SACRAMENTO - To expand its electrical supply in Galt and the remainder of Sacramento County, the Sacramento Municipal Utility District plans to construct a 1,000-megawatt natural gas power plant near the closed Rancho Seco nuclear power plant.

If SMUD gets the California Energy Commission's blessing, the first phase of the project is expected to be online in 2005, with the second phase to be completed three years later.

Project director Colin Taylor said he hopes to acquire the license from the California Energy Commission by next spring.

An issue that has yet to be resolved is water supply needed to serve the four combustion turbines.

Energy Commission officials told SMUD engineers and attorneys at a workshop Tuesday morning in Sacramento that they would prefer that SMUD used reclaimed water rather than fresh water from the American River through the Folsom South Canal.

SMUD has had 15,000 acre feet per year allocated by the U.S. Bureau of Reclamation since 1970, said Kevin Hudson, an engineer on contract with SMUD for the Rancho Seco project, officially called the Cosumnes Power Plant.

SMUD officials agreed to explore the use of reclaimed water during the second phase in case the SMUD can't limit its use to 15,000 acre feet, Hudson said.

SMUD officials briefly talked to the city of Galt about providing reclaimed sewer water, Hudson said.

"It would be cool if they could do it," Galt Public Works Director Doug Gault said in a phone interview Tuesday afternoon. "They would need eight million gallons a day. I could give them only two (million)."
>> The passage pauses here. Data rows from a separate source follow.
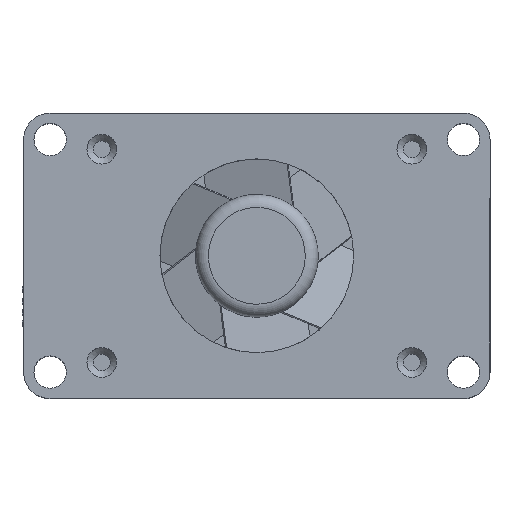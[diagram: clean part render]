
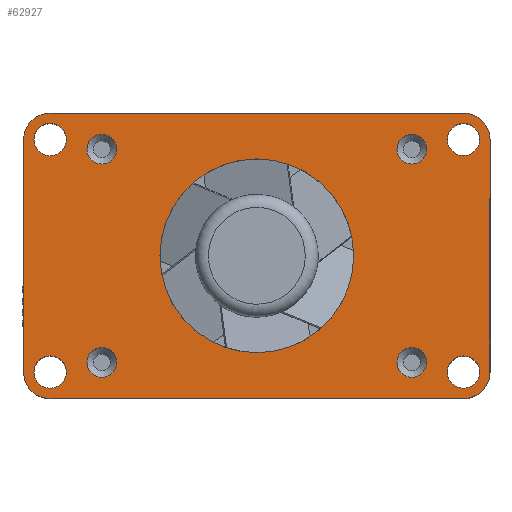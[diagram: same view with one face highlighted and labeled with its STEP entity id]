
A CAD part, top view. The second image highlights one B-rep face of the part: STEP entity #62927.
In plain terms, the highlighted face is planar.
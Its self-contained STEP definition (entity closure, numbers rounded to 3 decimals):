
#7782=LINE('',#109554,#14324);
#7783=LINE('',#109558,#14325);
#7784=LINE('',#109562,#14326);
#7785=LINE('',#109566,#14327);
#14324=VECTOR('',#82178,10.);
#14325=VECTOR('',#82181,10.);
#14326=VECTOR('',#82184,10.);
#14327=VECTOR('',#82187,10.);
#15351=FACE_BOUND('',#21678,.T.);
#15352=FACE_BOUND('',#21679,.T.);
#15353=FACE_BOUND('',#21680,.T.);
#15354=FACE_BOUND('',#21681,.T.);
#15355=FACE_BOUND('',#21682,.T.);
#15356=FACE_BOUND('',#21683,.T.);
#15357=FACE_BOUND('',#21684,.T.);
#15358=FACE_BOUND('',#21685,.T.);
#15359=FACE_BOUND('',#21686,.T.);
#18366=FACE_OUTER_BOUND('',#21677,.T.);
#21677=EDGE_LOOP('',(#54746,#54747,#54748,#54749,#54750,#54751,#54752,#54753));
#21678=EDGE_LOOP('',(#54754));
#21679=EDGE_LOOP('',(#54755));
#21680=EDGE_LOOP('',(#54756));
#21681=EDGE_LOOP('',(#54757));
#21682=EDGE_LOOP('',(#54758));
#21683=EDGE_LOOP('',(#54759));
#21684=EDGE_LOOP('',(#54760));
#21685=EDGE_LOOP('',(#54761));
#21686=EDGE_LOOP('',(#54762));
#23057=CIRCLE('',#67300,15.);
#23059=CIRCLE('',#67306,4.1);
#23060=CIRCLE('',#67307,4.1);
#23061=CIRCLE('',#67308,4.1);
#23062=CIRCLE('',#67309,4.1);
#23063=CIRCLE('',#67310,2.5);
#23064=CIRCLE('',#67311,2.3);
#23065=CIRCLE('',#67312,2.3);
#23066=CIRCLE('',#67313,2.3);
#23067=CIRCLE('',#67314,2.5);
#23068=CIRCLE('',#67315,2.5);
#23069=CIRCLE('',#67316,2.5);
#23070=CIRCLE('',#67317,2.3);
#28768=VERTEX_POINT('',#109495);
#28793=VERTEX_POINT('',#109552);
#28794=VERTEX_POINT('',#109553);
#28795=VERTEX_POINT('',#109555);
#28796=VERTEX_POINT('',#109557);
#28797=VERTEX_POINT('',#109559);
#28798=VERTEX_POINT('',#109561);
#28799=VERTEX_POINT('',#109563);
#28800=VERTEX_POINT('',#109565);
#28801=VERTEX_POINT('',#109568);
#28802=VERTEX_POINT('',#109570);
#28803=VERTEX_POINT('',#109572);
#28804=VERTEX_POINT('',#109574);
#28805=VERTEX_POINT('',#109576);
#28806=VERTEX_POINT('',#109578);
#28807=VERTEX_POINT('',#109580);
#28808=VERTEX_POINT('',#109582);
#37444=EDGE_CURVE('',#28768,#28768,#23057,.T.);
#37472=EDGE_CURVE('',#28793,#28794,#7782,.T.);
#37473=EDGE_CURVE('',#28794,#28795,#23059,.T.);
#37474=EDGE_CURVE('',#28795,#28796,#7783,.T.);
#37475=EDGE_CURVE('',#28796,#28797,#23060,.T.);
#37476=EDGE_CURVE('',#28797,#28798,#7784,.T.);
#37477=EDGE_CURVE('',#28798,#28799,#23061,.T.);
#37478=EDGE_CURVE('',#28799,#28800,#7785,.T.);
#37479=EDGE_CURVE('',#28800,#28793,#23062,.T.);
#37480=EDGE_CURVE('',#28801,#28801,#23063,.T.);
#37481=EDGE_CURVE('',#28802,#28802,#23064,.T.);
#37482=EDGE_CURVE('',#28803,#28803,#23065,.T.);
#37483=EDGE_CURVE('',#28804,#28804,#23066,.T.);
#37484=EDGE_CURVE('',#28805,#28805,#23067,.T.);
#37485=EDGE_CURVE('',#28806,#28806,#23068,.T.);
#37486=EDGE_CURVE('',#28807,#28807,#23069,.T.);
#37487=EDGE_CURVE('',#28808,#28808,#23070,.T.);
#54746=ORIENTED_EDGE('',*,*,#37472,.T.);
#54747=ORIENTED_EDGE('',*,*,#37473,.T.);
#54748=ORIENTED_EDGE('',*,*,#37474,.T.);
#54749=ORIENTED_EDGE('',*,*,#37475,.T.);
#54750=ORIENTED_EDGE('',*,*,#37476,.T.);
#54751=ORIENTED_EDGE('',*,*,#37477,.T.);
#54752=ORIENTED_EDGE('',*,*,#37478,.T.);
#54753=ORIENTED_EDGE('',*,*,#37479,.T.);
#54754=ORIENTED_EDGE('',*,*,#37444,.T.);
#54755=ORIENTED_EDGE('',*,*,#37480,.T.);
#54756=ORIENTED_EDGE('',*,*,#37481,.T.);
#54757=ORIENTED_EDGE('',*,*,#37482,.T.);
#54758=ORIENTED_EDGE('',*,*,#37483,.T.);
#54759=ORIENTED_EDGE('',*,*,#37484,.T.);
#54760=ORIENTED_EDGE('',*,*,#37485,.T.);
#54761=ORIENTED_EDGE('',*,*,#37486,.T.);
#54762=ORIENTED_EDGE('',*,*,#37487,.T.);
#57219=PLANE('',#67305);
#62927=ADVANCED_FACE('',(#18366,#15351,#15352,#15353,#15354,#15355,#15356,
#15357,#15358,#15359),#57219,.T.);
#67300=AXIS2_PLACEMENT_3D('',#109496,#82140,#82141);
#67305=AXIS2_PLACEMENT_3D('',#109551,#82176,#82177);
#67306=AXIS2_PLACEMENT_3D('',#109556,#82179,#82180);
#67307=AXIS2_PLACEMENT_3D('',#109560,#82182,#82183);
#67308=AXIS2_PLACEMENT_3D('',#109564,#82185,#82186);
#67309=AXIS2_PLACEMENT_3D('',#109567,#82188,#82189);
#67310=AXIS2_PLACEMENT_3D('',#109569,#82190,#82191);
#67311=AXIS2_PLACEMENT_3D('',#109571,#82192,#82193);
#67312=AXIS2_PLACEMENT_3D('',#109573,#82194,#82195);
#67313=AXIS2_PLACEMENT_3D('',#109575,#82196,#82197);
#67314=AXIS2_PLACEMENT_3D('',#109577,#82198,#82199);
#67315=AXIS2_PLACEMENT_3D('',#109579,#82200,#82201);
#67316=AXIS2_PLACEMENT_3D('',#109581,#82202,#82203);
#67317=AXIS2_PLACEMENT_3D('',#109583,#82204,#82205);
#82140=DIRECTION('center_axis',(0.,0.,1.));
#82141=DIRECTION('ref_axis',(1.,0.,0.));
#82176=DIRECTION('center_axis',(0.,0.,-1.));
#82177=DIRECTION('ref_axis',(1.,0.,0.));
#82178=DIRECTION('',(1.,0.,0.));
#82179=DIRECTION('center_axis',(0.,0.,-1.));
#82180=DIRECTION('ref_axis',(0.,1.,0.));
#82181=DIRECTION('',(0.,-1.,0.));
#82182=DIRECTION('center_axis',(0.,0.,-1.));
#82183=DIRECTION('ref_axis',(1.,0.,0.));
#82184=DIRECTION('',(-1.,0.,0.));
#82185=DIRECTION('center_axis',(0.,0.,-1.));
#82186=DIRECTION('ref_axis',(0.,-1.,0.));
#82187=DIRECTION('',(0.,1.,0.));
#82188=DIRECTION('center_axis',(0.,0.,-1.));
#82189=DIRECTION('ref_axis',(-1.,0.,0.));
#82190=DIRECTION('center_axis',(0.,0.,1.));
#82191=DIRECTION('ref_axis',(1.,0.,0.));
#82192=DIRECTION('center_axis',(0.,0.,1.));
#82193=DIRECTION('ref_axis',(1.,0.,0.));
#82194=DIRECTION('center_axis',(0.,0.,1.));
#82195=DIRECTION('ref_axis',(1.,0.,0.));
#82196=DIRECTION('center_axis',(0.,0.,1.));
#82197=DIRECTION('ref_axis',(1.,0.,0.));
#82198=DIRECTION('center_axis',(0.,0.,1.));
#82199=DIRECTION('ref_axis',(1.,0.,0.));
#82200=DIRECTION('center_axis',(0.,0.,1.));
#82201=DIRECTION('ref_axis',(1.,0.,0.));
#82202=DIRECTION('center_axis',(0.,0.,1.));
#82203=DIRECTION('ref_axis',(1.,0.,0.));
#82204=DIRECTION('center_axis',(0.,0.,1.));
#82205=DIRECTION('ref_axis',(1.,0.,0.));
#109495=CARTESIAN_POINT('',(21.1,22.1,-9.8));
#109496=CARTESIAN_POINT('Origin',(36.1,22.1,-9.8));
#109551=CARTESIAN_POINT('Origin',(36.1,22.1,-9.8));
#109552=CARTESIAN_POINT('',(4.1,44.2,-9.8));
#109553=CARTESIAN_POINT('',(68.1,44.2,-9.8));
#109554=CARTESIAN_POINT('',(4.1,44.2,-9.8));
#109555=CARTESIAN_POINT('',(72.2,40.1,-9.8));
#109556=CARTESIAN_POINT('Origin',(68.1,40.1,-9.8));
#109557=CARTESIAN_POINT('',(72.2,4.1,-9.8));
#109558=CARTESIAN_POINT('',(72.2,40.1,-9.8));
#109559=CARTESIAN_POINT('',(68.1,0.,-9.8));
#109560=CARTESIAN_POINT('Origin',(68.1,4.1,-9.8));
#109561=CARTESIAN_POINT('',(4.1,0.,-9.8));
#109562=CARTESIAN_POINT('',(68.1,0.,-9.8));
#109563=CARTESIAN_POINT('',(0.,4.1,-9.8));
#109564=CARTESIAN_POINT('Origin',(4.1,4.1,-9.8));
#109565=CARTESIAN_POINT('',(0.,40.1,-9.8));
#109566=CARTESIAN_POINT('',(0.,4.1,-9.8));
#109567=CARTESIAN_POINT('Origin',(4.1,40.1,-9.8));
#109568=CARTESIAN_POINT('',(65.6,40.1,-9.8));
#109569=CARTESIAN_POINT('Origin',(68.1,40.1,-9.8));
#109570=CARTESIAN_POINT('',(57.8,5.6,-9.8));
#109571=CARTESIAN_POINT('Origin',(60.1,5.6,-9.8));
#109572=CARTESIAN_POINT('',(57.8,38.6,-9.8));
#109573=CARTESIAN_POINT('Origin',(60.1,38.6,-9.8));
#109574=CARTESIAN_POINT('',(9.8,38.6,-9.8));
#109575=CARTESIAN_POINT('Origin',(12.1,38.6,-9.8));
#109576=CARTESIAN_POINT('',(1.6,40.1,-9.8));
#109577=CARTESIAN_POINT('Origin',(4.1,40.1,-9.8));
#109578=CARTESIAN_POINT('',(65.6,4.1,-9.8));
#109579=CARTESIAN_POINT('Origin',(68.1,4.1,-9.8));
#109580=CARTESIAN_POINT('',(1.6,4.1,-9.8));
#109581=CARTESIAN_POINT('Origin',(4.1,4.1,-9.8));
#109582=CARTESIAN_POINT('',(9.8,5.6,-9.8));
#109583=CARTESIAN_POINT('Origin',(12.1,5.6,-9.8));

Even if the Galt City Council someday adopts the controversial Delta Greens project, a Del Webb-style development with 2,500 homes, the city wouldn't come close to the eight million gallons that SMUD would need, Gault said.

It would have been an attractive proposition for Galt, he said, because SMUD would have paid all the expenses of piping it to Rancho Seco.

SMUD and California Energy Commission officials will continue to negotiate the water issue.

Tuesday's three-hour meeting at the Energy Commission office was open to the public, and two members not affiliated with the two agencies showed up to comment on the project.

One of them, Kathy Peasha, who lives on a hill at Clay East and Kirkwood roads, southwest of the former Rancho Seco plant, told officials she was concerned about plans for construction trucks to use Clay East Road instead of the busier Twin Cities Road, which leads to the main entrance on the north side of the Rancho Seco property.

Truck parking and potentially all-night lighting could be on for the five-year construction period too close to Peasha's and her neighbors' residences, she said.

"There's got to be a better way," Peasha said.